To conclude, in view of the request for rapid analysis of generous SAXS data at large-scale laser facilities, in this work, we apply a dense forward network to inversely retrieve the mean grain size and particle distribution from SAXS data, allowing automatic acquisition of microstructure information without tedious manual fitting in traditional methods. Our trained network performs well in grain distribution prediction on experimental data with single-species particles. The predicted results have good consistency with the Monte Carlo method, which also inversely retrieve the arbitrary distribution and is more efficient.

Since the scattering intensity comes from density contrast, theoretically, our trained network can also be applied to the case of void distribution with spherical shapes in porous materials, but its effectiveness still needs further experimental verification. In further work, two possible improvements can be considered if this network is to be applied to non-spherical particles or voids. One is that the network needs to be retrained for particles or voids of specific shapes, and the method of constructing and training the network can be consistent with this work.

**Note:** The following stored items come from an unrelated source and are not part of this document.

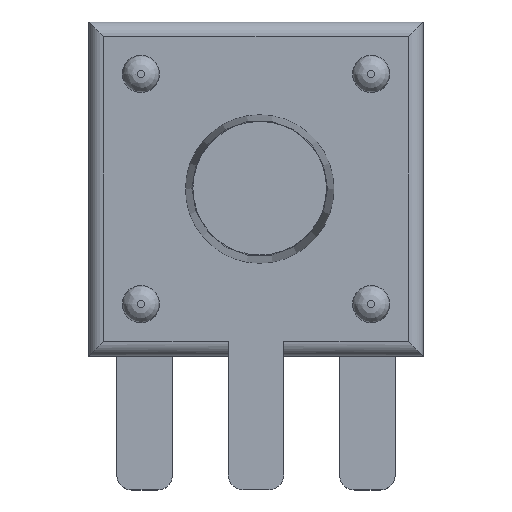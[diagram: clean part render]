
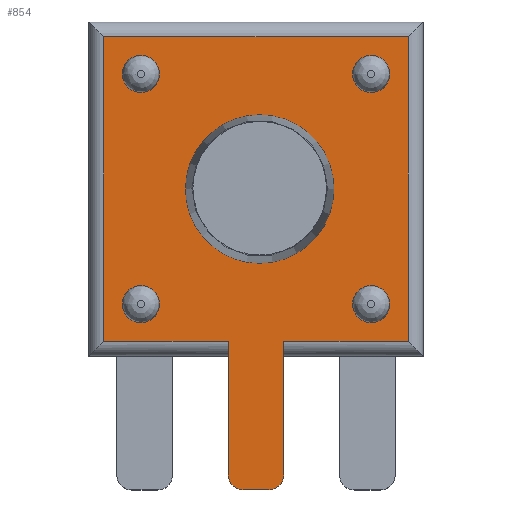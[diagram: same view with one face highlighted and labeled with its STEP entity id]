
A CAD part, top view. The second image highlights one B-rep face of the part: STEP entity #854.
In plain terms, the highlighted planar face has unit normal (0, 0, 1).
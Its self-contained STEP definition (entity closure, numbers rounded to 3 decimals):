
#44=CIRCLE('',#978,0.2);
#45=CIRCLE('',#981,0.2);
#129=FACE_OUTER_BOUND('',#185,.T.);
#185=EDGE_LOOP('',(#643,#644,#645,#646,#647,#648,#649,#650,#651,#652));
#259=LINE('',#1408,#339);
#262=LINE('',#1414,#342);
#263=LINE('',#1416,#343);
#264=LINE('',#1418,#344);
#265=LINE('',#1420,#345);
#266=LINE('',#1422,#346);
#267=LINE('',#1424,#347);
#268=LINE('',#1426,#348);
#339=VECTOR('',#1128,10.);
#342=VECTOR('',#1133,10.);
#343=VECTOR('',#1134,10.);
#344=VECTOR('',#1135,10.);
#345=VECTOR('',#1136,10.);
#346=VECTOR('',#1137,10.);
#347=VECTOR('',#1138,10.);
#348=VECTOR('',#1139,10.);
#409=VERTEX_POINT('',#1401);
#410=VERTEX_POINT('',#1403);
#411=VERTEX_POINT('',#1407);
#413=VERTEX_POINT('',#1413);
#414=VERTEX_POINT('',#1415);
#415=VERTEX_POINT('',#1417);
#416=VERTEX_POINT('',#1419);
#417=VERTEX_POINT('',#1421);
#418=VERTEX_POINT('',#1423);
#419=VERTEX_POINT('',#1425);
#494=EDGE_CURVE('',#409,#410,#44,.T.);
#496=EDGE_CURVE('',#410,#411,#259,.T.);
#499=EDGE_CURVE('',#413,#409,#262,.T.);
#500=EDGE_CURVE('',#414,#413,#263,.T.);
#501=EDGE_CURVE('',#415,#414,#264,.T.);
#502=EDGE_CURVE('',#416,#415,#265,.T.);
#503=EDGE_CURVE('',#417,#416,#266,.T.);
#504=EDGE_CURVE('',#418,#417,#267,.T.);
#505=EDGE_CURVE('',#419,#418,#268,.T.);
#506=EDGE_CURVE('',#411,#419,#45,.T.);
#643=ORIENTED_EDGE('',*,*,#494,.F.);
#644=ORIENTED_EDGE('',*,*,#499,.F.);
#645=ORIENTED_EDGE('',*,*,#500,.F.);
#646=ORIENTED_EDGE('',*,*,#501,.F.);
#647=ORIENTED_EDGE('',*,*,#502,.F.);
#648=ORIENTED_EDGE('',*,*,#503,.F.);
#649=ORIENTED_EDGE('',*,*,#504,.F.);
#650=ORIENTED_EDGE('',*,*,#505,.F.);
#651=ORIENTED_EDGE('',*,*,#506,.F.);
#652=ORIENTED_EDGE('',*,*,#496,.F.);
#814=PLANE('',#980);
#854=ADVANCED_FACE('',(#129),#814,.T.);
#978=AXIS2_PLACEMENT_3D('',#1404,#1123,#1124);
#980=AXIS2_PLACEMENT_3D('',#1412,#1131,#1132);
#981=AXIS2_PLACEMENT_3D('',#1427,#1140,#1141);
#1123=DIRECTION('center_axis',(0.,0.,-1.));
#1124=DIRECTION('ref_axis',(0.707,-0.707,0.));
#1128=DIRECTION('',(-1.,0.,0.));
#1131=DIRECTION('center_axis',(0.,0.,1.));
#1132=DIRECTION('ref_axis',(1.,0.,0.));
#1133=DIRECTION('',(0.,-1.,0.));
#1134=DIRECTION('',(-1.,0.,0.));
#1135=DIRECTION('',(0.,-1.,0.));
#1136=DIRECTION('',(1.,0.,0.));
#1137=DIRECTION('',(0.,1.,0.));
#1138=DIRECTION('',(-1.,0.,0.));
#1139=DIRECTION('',(0.,1.,0.));
#1140=DIRECTION('center_axis',(0.,0.,-1.));
#1141=DIRECTION('ref_axis',(-0.707,-0.707,0.));
#1401=CARTESIAN_POINT('',(2.625,-1.6,2.8));
#1403=CARTESIAN_POINT('',(2.425,-1.8,2.8));
#1404=CARTESIAN_POINT('Origin',(2.425,-1.6,2.8));
#1407=CARTESIAN_POINT('',(2.075,-1.8,2.8));
#1408=CARTESIAN_POINT('',(2.625,-1.8,2.8));
#1412=CARTESIAN_POINT('Origin',(2.25,2.25,2.8));
#1413=CARTESIAN_POINT('',(2.625,0.2,2.8));
#1414=CARTESIAN_POINT('',(2.625,0.2,2.8));
#1415=CARTESIAN_POINT('',(4.3,0.2,2.8));
#1416=CARTESIAN_POINT('',(1.125,0.2,2.8));
#1417=CARTESIAN_POINT('',(4.3,4.3,2.8));
#1418=CARTESIAN_POINT('',(4.3,1.125,2.8));
#1419=CARTESIAN_POINT('',(0.2,4.3,2.8));
#1420=CARTESIAN_POINT('',(3.375,4.3,2.8));
#1421=CARTESIAN_POINT('',(0.2,0.2,2.8));
#1422=CARTESIAN_POINT('',(0.2,3.375,2.8));
#1423=CARTESIAN_POINT('',(1.875,0.2,2.8));
#1424=CARTESIAN_POINT('',(1.125,0.2,2.8));
#1425=CARTESIAN_POINT('',(1.875,-1.6,2.8));
#1426=CARTESIAN_POINT('',(1.875,-1.8,2.8));
#1427=CARTESIAN_POINT('Origin',(2.075,-1.6,2.8));

A more universal approach is to add additional factors representing the shape of particles to the input of the network on the basis of this method, and then retrain the network. In short, the powerful advantages of the ANN can be utilized in the study of dynamic physical processes by adding scattering shape parameters, optimizing model structures, etc. In addition, improvements in the diagnosis of the experiment, such as increasing the scattering angle range and improving the signal-to-noise ratio, can also enhance the accuracy of the results obtained from the ANN model.